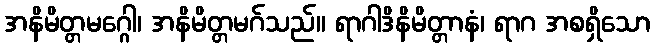
အနိမိတ္တမဂ္ဂေါ၊ အနိမိတ္တမဂ်သည်။ ရာဂါဒိနိမိတ္တာနံ၊ ရာဂ အစရှိသော
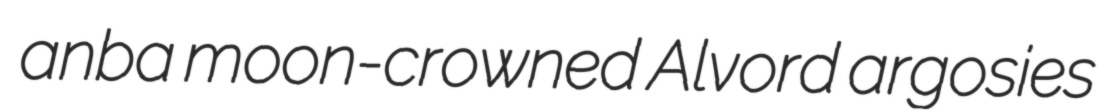
anba moon-crowned Alvord argosies
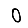
Digit: 0
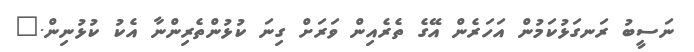
ނަސީބު ރަނގަޅުކަމުން އަހަރެން އޭގެ ތެރެއިން ވަރަށް ގިނަ ކުޅުންތެރިންނާ އެކު ކުޅުނިން."
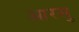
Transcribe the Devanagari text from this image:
आरसु
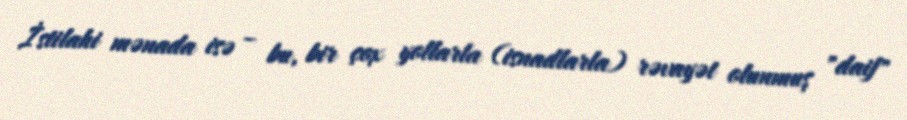
İstilahi mənada isə – bu, bir çox yollarla (isnadlarla) rəvayət olunmuş "daif"
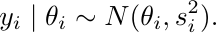
\begin{align*}%\label{rem1}
y_i\mid\theta_i\sim N(\theta_i, s_i^2).
\end{align*}
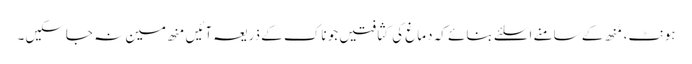
ہونٹ، مُنھ کے سامنے اِسلئے بنائے کہ دماغ کی کثافتیں جو ناک کے ذریعہ آئیں منھ مین نہ جاسکیں۔
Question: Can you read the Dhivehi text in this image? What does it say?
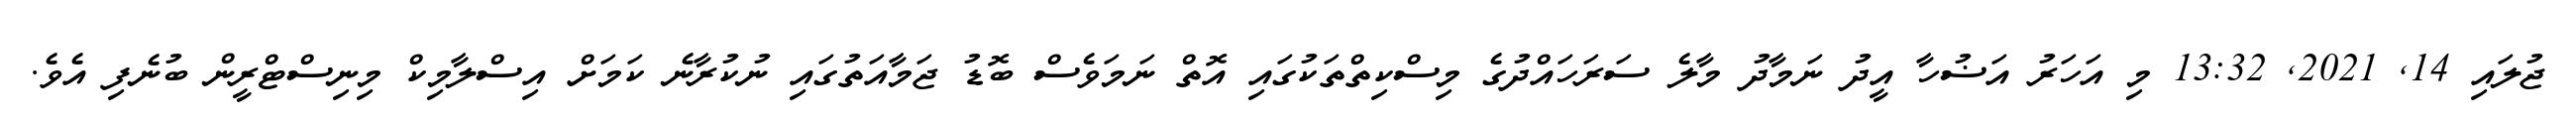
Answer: ޖުލައި 14, 2021, 13:32 މި އަހަރު އަޟުހާ އީދު ނަމާދު މާލެ ސަރަހައްދުގެ މިސްކިތްތަކުގައި އޮތް ނަމަވެސް ބޮޑު ޖަމާއަތުގައި ނުކުރާނެ ކަމަށް އިސްލާމިކް މިނިސްޓްރީން ބުނެފި އެވެ.
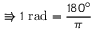
\Rrightarrow 1 { \mathrm { ~ r a d } } = { \frac { 1 8 0 ^ { \circ } } { \pi } }
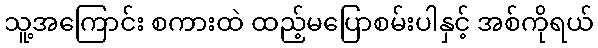
သူ့အကြောင်း စကားထဲ ထည့်မပြောစမ်းပါနှင့် အစ်ကိုရယ်
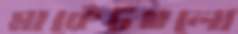
মার্কেটগুলো
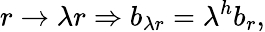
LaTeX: r\to\lambda r\Rightarrow b_{\lambda r}=\lambda^{h}b_{r},
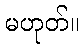
မဟုတ်။
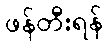
ဖန်တီးရန်
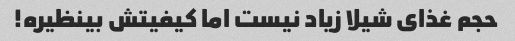
حجم غذای شیلا زیاد نیست اما کیفیتش بینظیره!
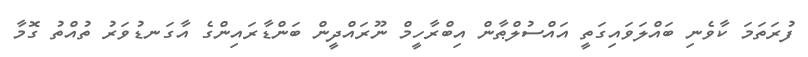
ފުރަތަމަ ކާވެނި ބައްލަވައިގަތީ އައްސުލްޠާން އިބްރާހީމް ނޫރައްދީން ބަންޑާރައިންގެ އާގަނޑުވަރު ތުއްތު ގޮމާ
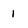
Character: 1
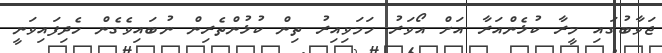
ޖަވާބުގައި މީރާ ކުޅެންއަރާ އަށް އޯވަރު ހަމަވިއިރު ތިން ކުޅުންތެރިން ނުބައިވެގެން ހެދިފައިވަނީ
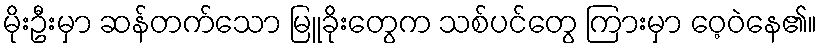
မိုးဦးမှာ ဆန်တက်သော မြူခိုးတွေက သစ်ပင်တွေ ကြားမှာ ဝေ့ဝဲနေ၏။
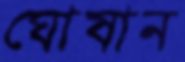
ঘোষান
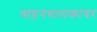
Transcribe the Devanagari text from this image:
वाहनचालकांवर
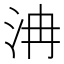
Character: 𣲹
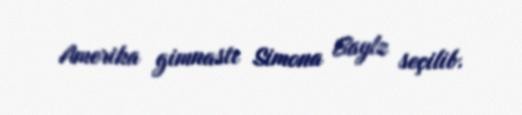
Amerika gimnastı Simona Baylz seçilib.
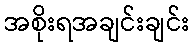
အစိုးရအချင်းချင်း
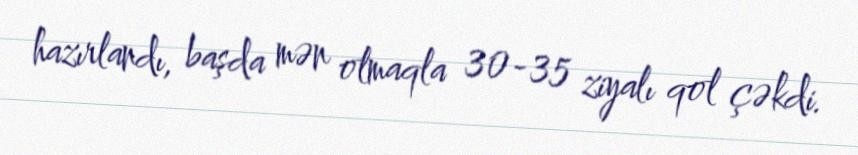
hazırlandı, başda mən olmaqla 30-35 ziyalı qol çəkdi.
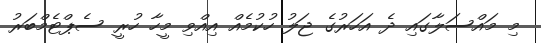
މި މައްސަލާގައި ދެ އަހަރުގެ ޖަލު ހުކުމެއް އިއްވި މީހާ ހުރީ ސެޕްޓެމްބަރު
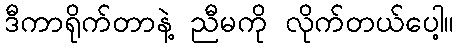
ဒီကာရိုက်တာနဲ့ ညီမကို လိုက်တယ်ပေါ့။
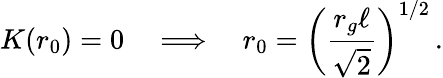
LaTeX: K(r_{0})=0\quad\Longrightarrow\quad r_{0}=\left({\frac{r_{g}\ell}{\sqrt{2}}}\right)^{1/2}\, .
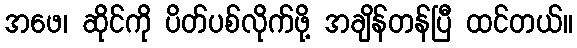
အဖေ၊ ဆိုင်ကို ပိတ်ပစ်လိုက်ဖို့ အချိန်တန်ပြီ ထင်တယ်။
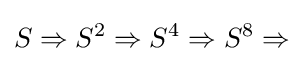
S\Rightarrow S^{2}\Rightarrow S^{4}\Rightarrow S^{8}\Rightarrow
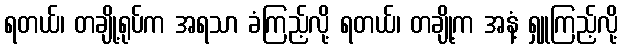
ရတယ်၊ တချို့ရုပ်က အရသာ ခံကြည့်လို့ ရတယ်၊ တချို့က အနံ့ ရှူကြည့်လို့

About this exercise: Each entry should be copied exactly as written, though any pictures stay out.

Answer below:
အနိမိတ္တမဂ္ဂေါ၊ အနိမိတ္တမဂ်သည်။ ရာဂါဒိနိမိတ္တာနံ၊ ရာဂ အစရှိသော
anba moon-crowned Alvord argosies
Digit: 0
ނަސީބު ރަނގަޅުކަމުން އަހަރެން އޭގެ ތެރެއިން ވަރަށް ގިނަ ކުޅުންތެރިންނާ އެކު ކުޅުނިން."
Transcribe the Devanagari text from this image:
आरसु
İstilahi mənada isə – bu, bir çox yollarla (isnadlarla) rəvayət olunmuş "daif"
\begin{align*}%\label{rem1}
y_i\mid\theta_i\sim N(\theta_i, s_i^2).
\end{align*}
ہونٹ، مُنھ کے سامنے اِسلئے بنائے کہ دماغ کی کثافتیں جو ناک کے ذریعہ آئیں منھ مین نہ جاسکیں۔
Question: Can you read the Dhivehi text in this image? What does it say?
Answer: ޖުލައި 14, 2021, 13:32 މި އަހަރު އަޟުހާ އީދު ނަމާދު މާލެ ސަރަހައްދުގެ މިސްކިތްތަކުގައި އޮތް ނަމަވެސް ބޮޑު ޖަމާއަތުގައި ނުކުރާނެ ކަމަށް އިސްލާމިކް މިނިސްޓްރީން ބުނެފި އެވެ.
\Rrightarrow 1 { \mathrm { ~ r a d } } = { \frac { 1 8 0 ^ { \circ } } { \pi } }
သူ့အကြောင်း စကားထဲ ထည့်မပြောစမ်းပါနှင့် အစ်ကိုရယ်
মার্কেটগুলো
LaTeX: r\to\lambda r\Rightarrow b_{\lambda r}=\lambda^{h}b_{r},
မဟုတ်။
ဖန်တီးရန်
حجم غذای شیلا زیاد نیست اما کیفیتش بینظیره!
ފުރަތަމަ ކާވެނި ބައްލަވައިގަތީ އައްސުލްޠާން އިބްރާހީމް ނޫރައްދީން ބަންޑާރައިންގެ އާގަނޑުވަރު ތުއްތު ގޮމާ
Character: 1
ޖަވާބުގައި މީރާ ކުޅެންއަރާ އަށް އޯވަރު ހަމަވިއިރު ތިން ކުޅުންތެރިން ނުބައިވެގެން ހެދިފައިވަނީ
မိုးဦးမှာ ဆန်တက်သော မြူခိုးတွေက သစ်ပင်တွေ ကြားမှာ ဝေ့ဝဲနေ၏။
ঘোষান
Transcribe the Devanagari text from this image:
वाहनचालकांवर
Character: 𣲹
Amerika gimnastı Simona Baylz seçilib.
အစိုးရအချင်းချင်း
hazırlandı, başda mən olmaqla 30-35 ziyalı qol çəkdi.
މި މައްސަލާގައި ދެ އަހަރުގެ ޖަލު ހުކުމެއް އިއްވި މީހާ ހުރީ ސެޕްޓެމްބަރު
ဒီကာရိုက်တာနဲ့ ညီမကို လိုက်တယ်ပေါ့။
LaTeX: K(r_{0})=0\quad\Longrightarrow\quad r_{0}=\left({\frac{r_{g}\ell}{\sqrt{2}}}\right)^{1/2}\, .
အဖေ၊ ဆိုင်ကို ပိတ်ပစ်လိုက်ဖို့ အချိန်တန်ပြီ ထင်တယ်။
S\Rightarrow S^{2}\Rightarrow S^{4}\Rightarrow S^{8}\Rightarrow
ရတယ်၊ တချို့ရုပ်က အရသာ ခံကြည့်လို့ ရတယ်၊ တချို့က အနံ့ ရှူကြည့်လို့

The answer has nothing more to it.